## DESCRIPTION OF THE TASK
Images in the data are to be skipped, while every line is restated exactly as written.

Collected data
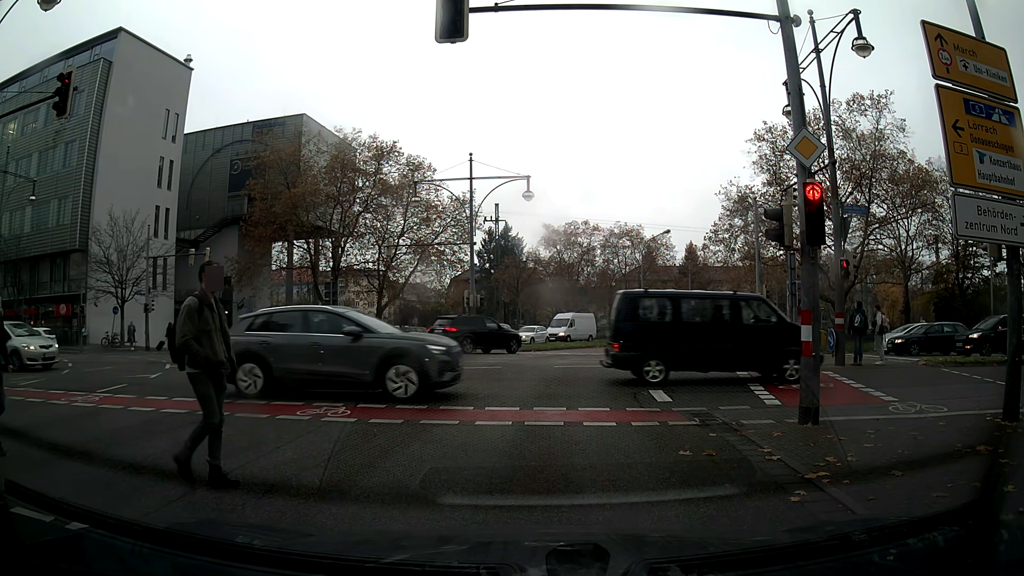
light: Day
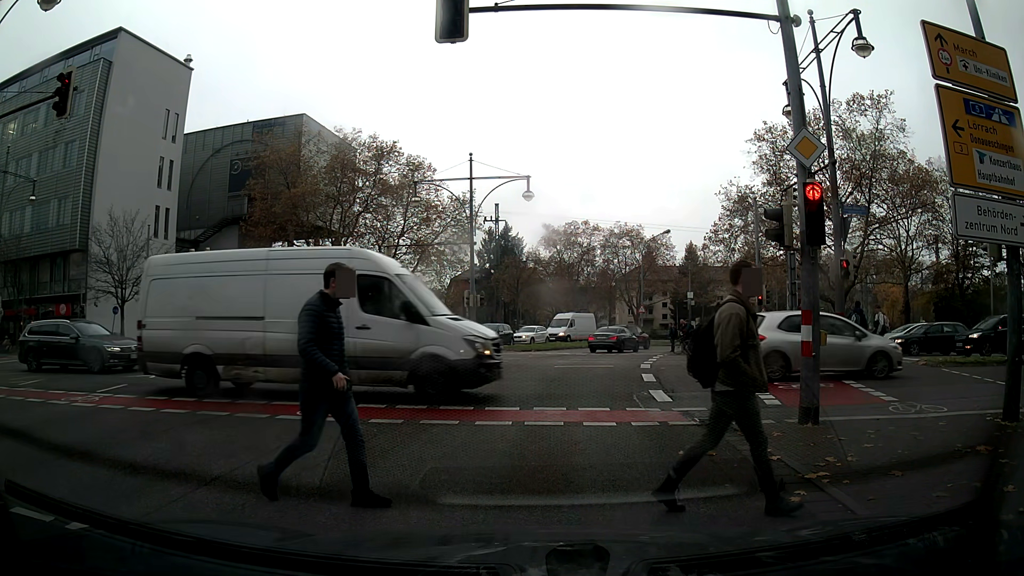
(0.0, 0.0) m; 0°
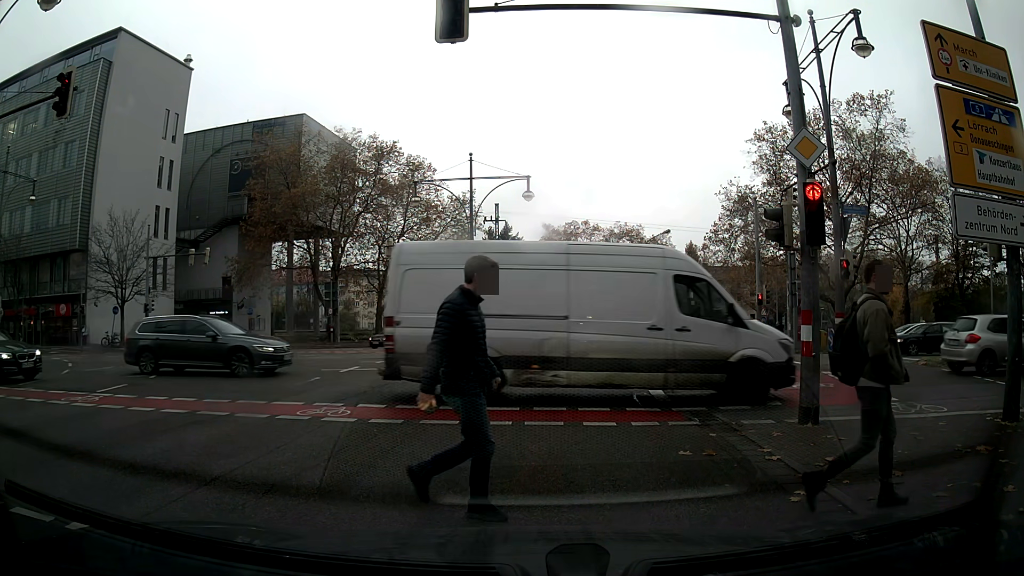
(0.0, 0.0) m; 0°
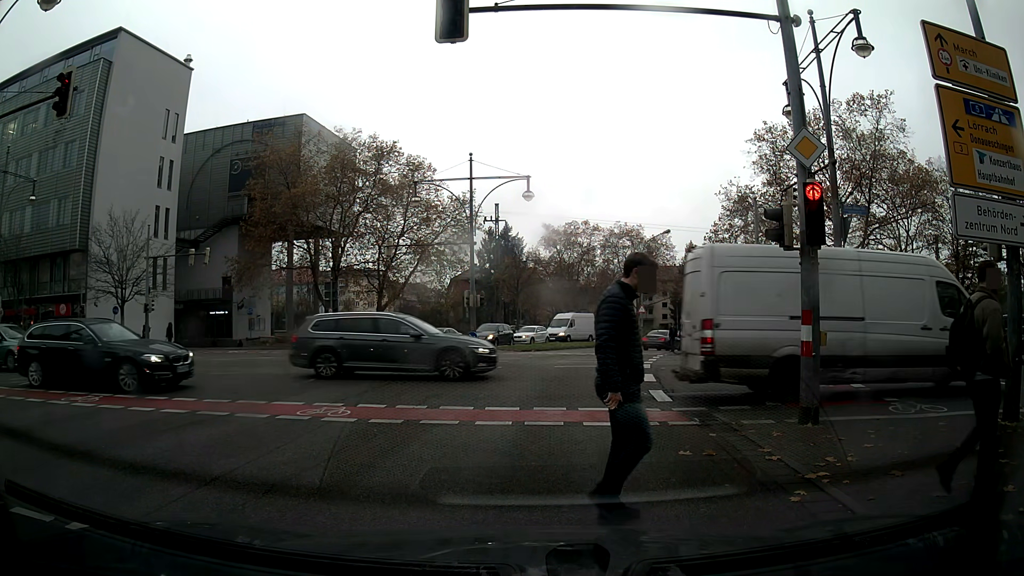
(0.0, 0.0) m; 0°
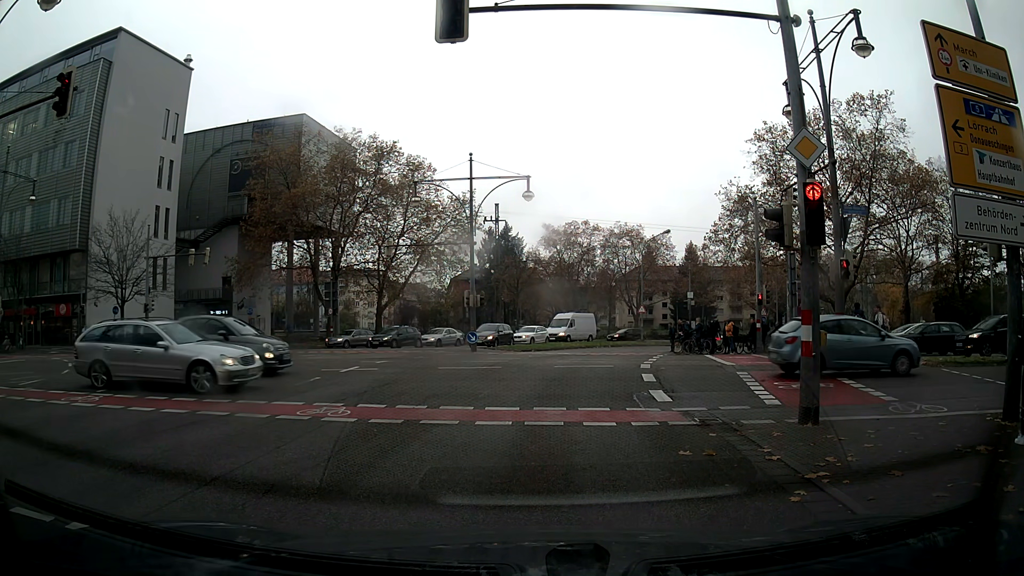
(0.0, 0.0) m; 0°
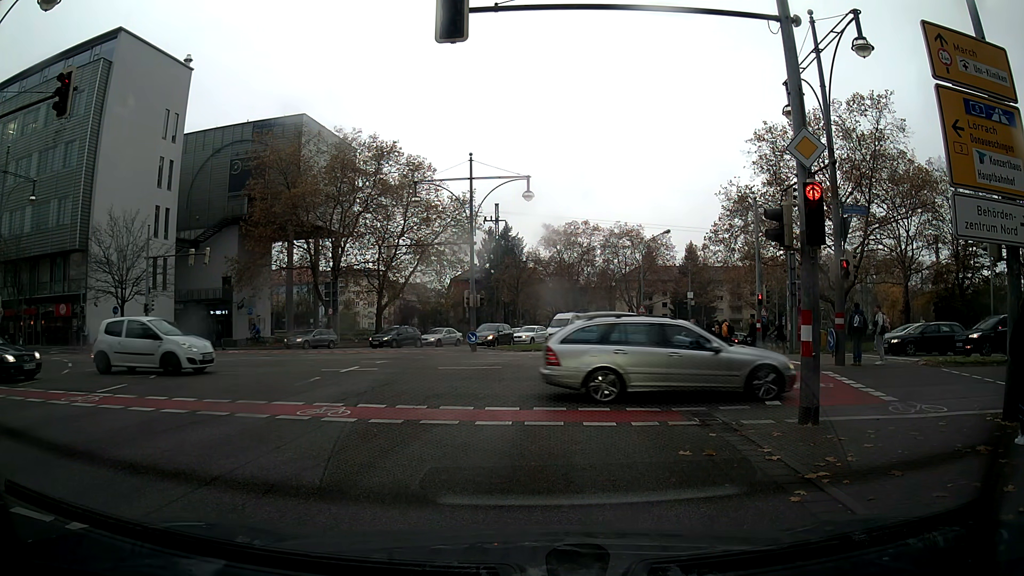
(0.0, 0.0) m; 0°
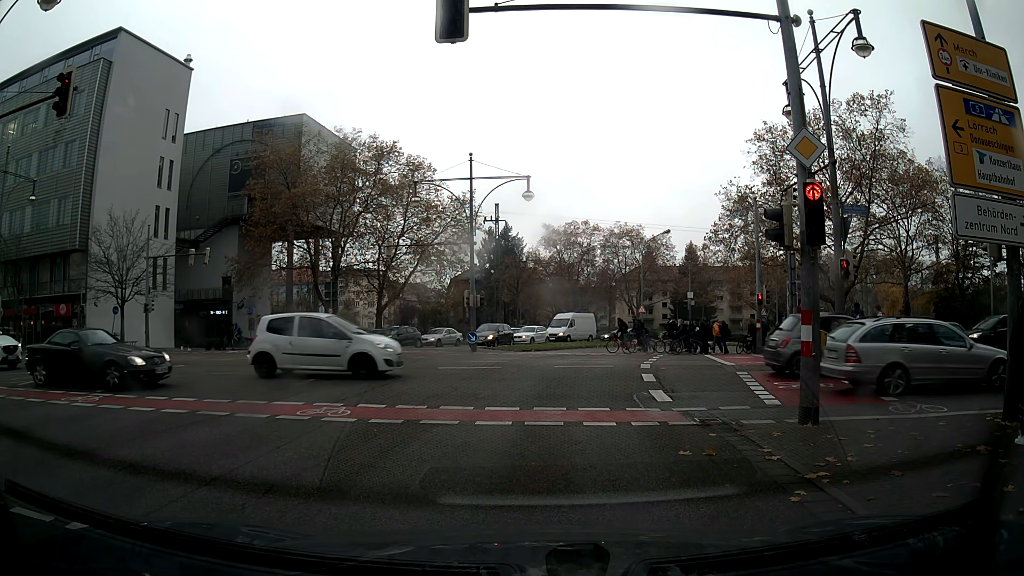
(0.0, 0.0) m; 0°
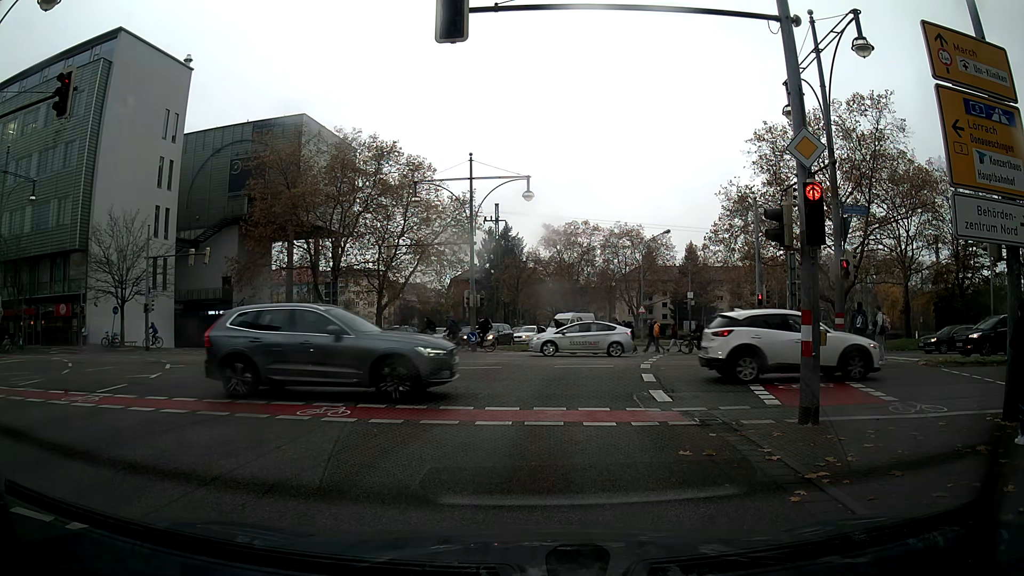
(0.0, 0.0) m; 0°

## RESULT FOR THIS EXERCISE
light: Day
(0.0, 0.0) m; 0°
(0.0, 0.0) m; 0°
(0.0, 0.0) m; 0°
(0.0, 0.0) m; 0°
(0.0, 0.0) m; 0°
(0.0, 0.0) m; 0°
(0.0, 0.0) m; 0°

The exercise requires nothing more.